In 1936, as the popularity of recorded music grew, WNEW was the defendant in a lawsuit initiated by bandleaders Paul Whiteman, Sammy Kaye and Fred Waring. They claimed that the playing of records on radio broadcasts was undermining performers' network contracts, which often called for exclusive services. The court ruled that WNEW, after purchasing each record, was allowed to broadcast it regardless of the resistance from artists. WNEW's victory subsequently authorized radio stations across the country to start playing recorded music and brought about the modern radio programming landscape.[4]:13

Before 1941, WNEW broadcast on 1250 kilocycles, 2,500 watts by day, 1,000 watts at night.[9] But when the North American Regional Broadcasting Agreement (NARBA) went into effect, WNEW moved to 1130 kHz.[10] It got a boost to 10,000 watts full-time.

In 1942, Judis set up a broadcast desk at the New York Daily News and WNEW became one of the first stations to carry hourly newscasts, something that would become commonplace in the industry over the next fifteen years.[4]:22 The station ended its association with the Daily News in 1958 and went on to build its own news department with 13 reporters and writers.[5]

1950s[edit]

WNEW was acquired in March 1954 by a group led by Richard D. Buckley, the future founder of Buckley Broadcasting.[11] Less than eighteen months later, in October 1955 the station changed hands again with Buckley joining two new partners, television producer and investor Jack Wrather and banker John L. Loeb.[12] Then, in March 1957 WNEW was purchased by the DuMont Broadcasting Corporation, the former owner of the DuMont Television Network; the sale to DuMont made WNEW a sister station to former DuMont network flagship WABD (channel 5).[13] The TV station changed its call letters to WNEW-TV in 1958, and DuMont Broadcasting would later evolve into Metromedia.

Boris Karloff hosted a weekly children's radio program on WNEW in the early 1950s. The program also became popular with adults.

Through the 1950s and 1960s, WNEW's programming was largely based on a personality-driven format, with a line-up of DJs who were ground-breaking at the time. Comedian Dee Finch teamed up with Gene Rayburn, and later Gene Klavan, on the long-running morning show Anything Goes. It often playfully mocked its own advertisers, who in turn were still eager to have their products touted on the popular show.[5]
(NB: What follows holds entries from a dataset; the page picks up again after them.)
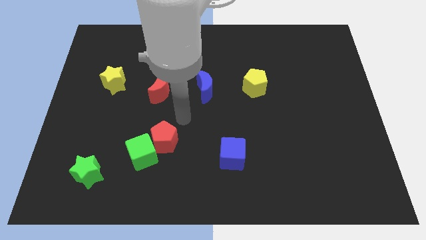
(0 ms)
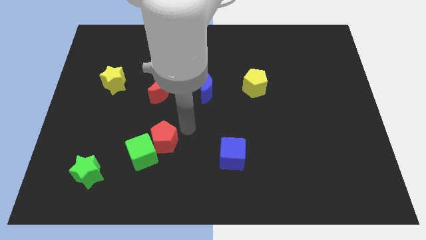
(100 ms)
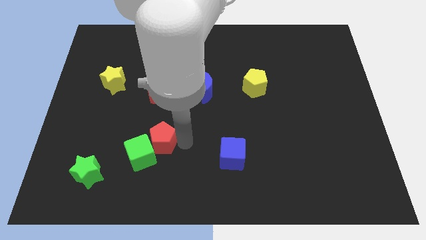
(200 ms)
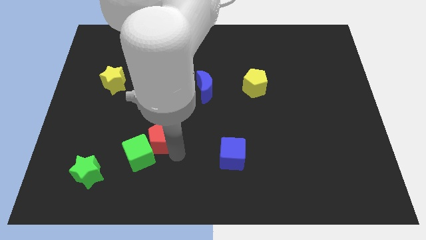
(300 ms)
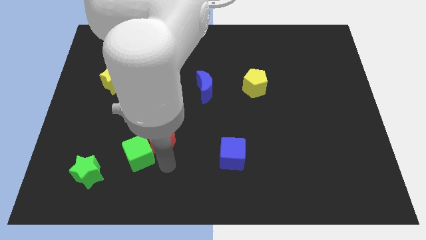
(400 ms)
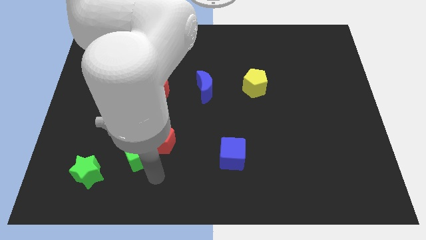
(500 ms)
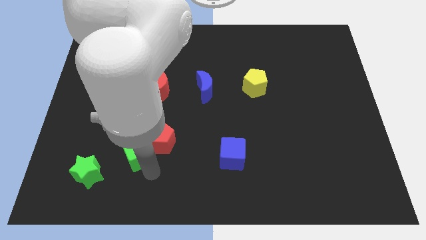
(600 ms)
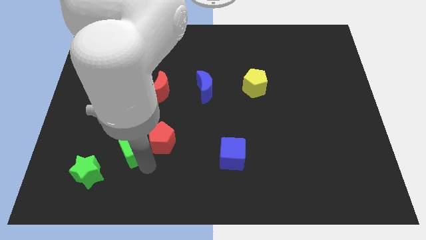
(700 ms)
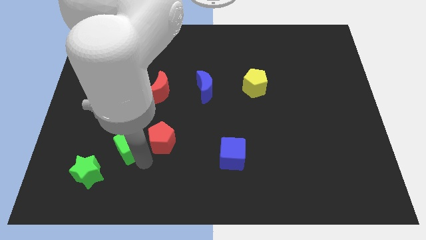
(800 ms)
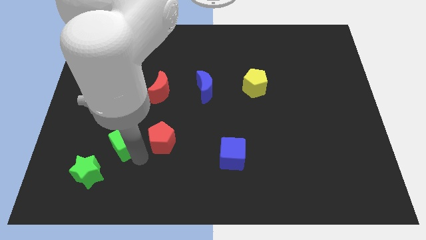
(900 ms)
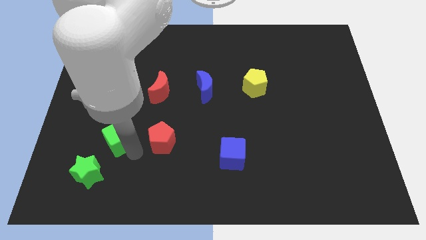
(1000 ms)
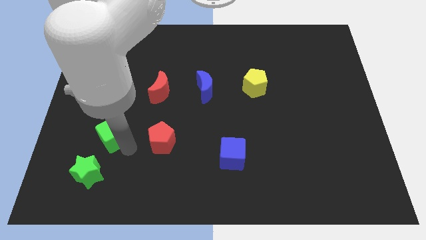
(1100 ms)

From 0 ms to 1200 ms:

During this time, pop music was dividing between rock and roll and popular standards. Some stations moved to a predominantly rock and roll format and became known as "Top 40" stations, where the best-selling songs were played frequently, while others played popular adult standards, along with the softer hits from the current charts, earning the name "Middle of the Road" or MOR for short. DJs Ted Brown, Al Collins and William B. Williams helped define the MOR musical character of WNEW, lending their own "professionalism and elegance" to popular standards music that included Frank Sinatra, Nat King Cole, Dean Martin, Barbra Streisand, Johnny Mathis, Pat Boone, Patti Page, Bobby Darin, Ray Charles, Tony Bennett, Bing Crosby, Mills Brothers, McGuire Sisters, Ella Fitzgerald, Perry Como, Dinah Shore and Peggy Lee.
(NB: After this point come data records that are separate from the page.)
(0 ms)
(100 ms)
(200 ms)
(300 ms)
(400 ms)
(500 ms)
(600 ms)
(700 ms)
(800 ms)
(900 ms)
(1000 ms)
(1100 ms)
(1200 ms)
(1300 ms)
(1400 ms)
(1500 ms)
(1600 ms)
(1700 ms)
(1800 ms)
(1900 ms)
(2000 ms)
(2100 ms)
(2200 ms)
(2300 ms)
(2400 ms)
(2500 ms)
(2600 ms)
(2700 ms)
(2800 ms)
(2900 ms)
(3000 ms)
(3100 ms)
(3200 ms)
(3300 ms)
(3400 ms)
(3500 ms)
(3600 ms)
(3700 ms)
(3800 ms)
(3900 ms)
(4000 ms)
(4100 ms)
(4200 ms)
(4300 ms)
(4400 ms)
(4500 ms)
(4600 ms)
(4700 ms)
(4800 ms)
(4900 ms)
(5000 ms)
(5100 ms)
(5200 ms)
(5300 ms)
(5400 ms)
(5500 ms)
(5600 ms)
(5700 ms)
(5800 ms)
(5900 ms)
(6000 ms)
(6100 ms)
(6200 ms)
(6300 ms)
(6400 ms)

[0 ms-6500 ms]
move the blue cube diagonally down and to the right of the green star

In 1957, an FM station was added, WNEW-FM at 102.7 MHz. At first WNEW-FM simulcast the AM station. But in 1966, it broke away from the AM station each weekday after the morning show. WNEW-FM continued to play similar music as the AM station, but using different songs. The same DJs were heard on the FM station, but only a few times each hour, as they continued to put most of their focus on the AM programming. Then on July 4, 1966, WNEW-FM tried a twist, an all-female DJ staff. Female radio announcers were still rare at that time. The female DJs on FM 102.7 failed to attract much of an audience since the men on AM 1130 remained quite popular. The experiment ended the following year, with WNEW-FM becoming a progressive rock station.

1960s[edit]

The news department at WNEW flourished in the late 1950s and early 1960s and was considered among the best news operations at an independent radio station. WNEW sent reporters around the world to places like Cuba to interview Fidel Castro and to Africa to interview medical missionary Albert Schweitzer.[5] In 1960, the station won a Peabody Award and an Associated Press Award for the best regularly scheduled news program in New York.[4]:40 Aerospace author Martin Caidin anchored live broadcasts for WNEW during early American space launches in the 1960s, traveling to Cape Canaveral to report on-site.[citation needed]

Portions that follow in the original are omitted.